Vampyr does have some flaws, but they tend to be relatively small and forgivable - the kind that happen when a dev succeeds at an ambitious goal but overlooks small details. Certain dialogue sequences drag on for longer than they probably needed to - it is more talkative than an elderly person at a bus stop - and the campaign often jumps between letting you make significant story choices in one mission to taking those decisions out of your hands for another. A romantic subplot arrives completely out of the blue, mostly as a heavy-handed setup to care about a specific character. (A dark vampire romance actually could have been interesting, but Vampyr is not Mass Effect on this front.)

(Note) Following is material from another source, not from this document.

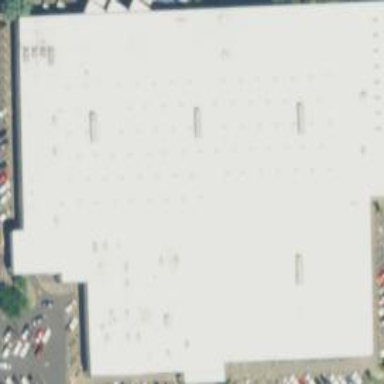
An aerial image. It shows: Supermarket building.
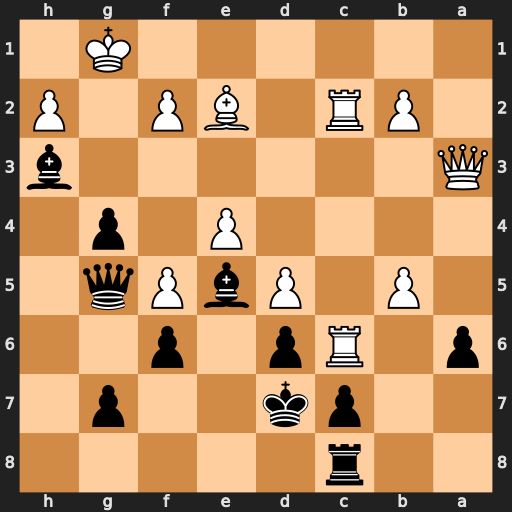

There are also regular bugs and design flaws. Some are quite charming, like when an enemy clipped through a wall, got stuck, and resorted to insults. Some issues were confusing, like how a hidden path let me bypass a scripted sequence that characters kept referencing in dialogue. (The sequence triggered when I was backtracking later on.)
All the same, Vampyr is a remarkable game that gives me genuine hope for the future of single-player RPGs. What it lacks in polish, it makes up for in ambition.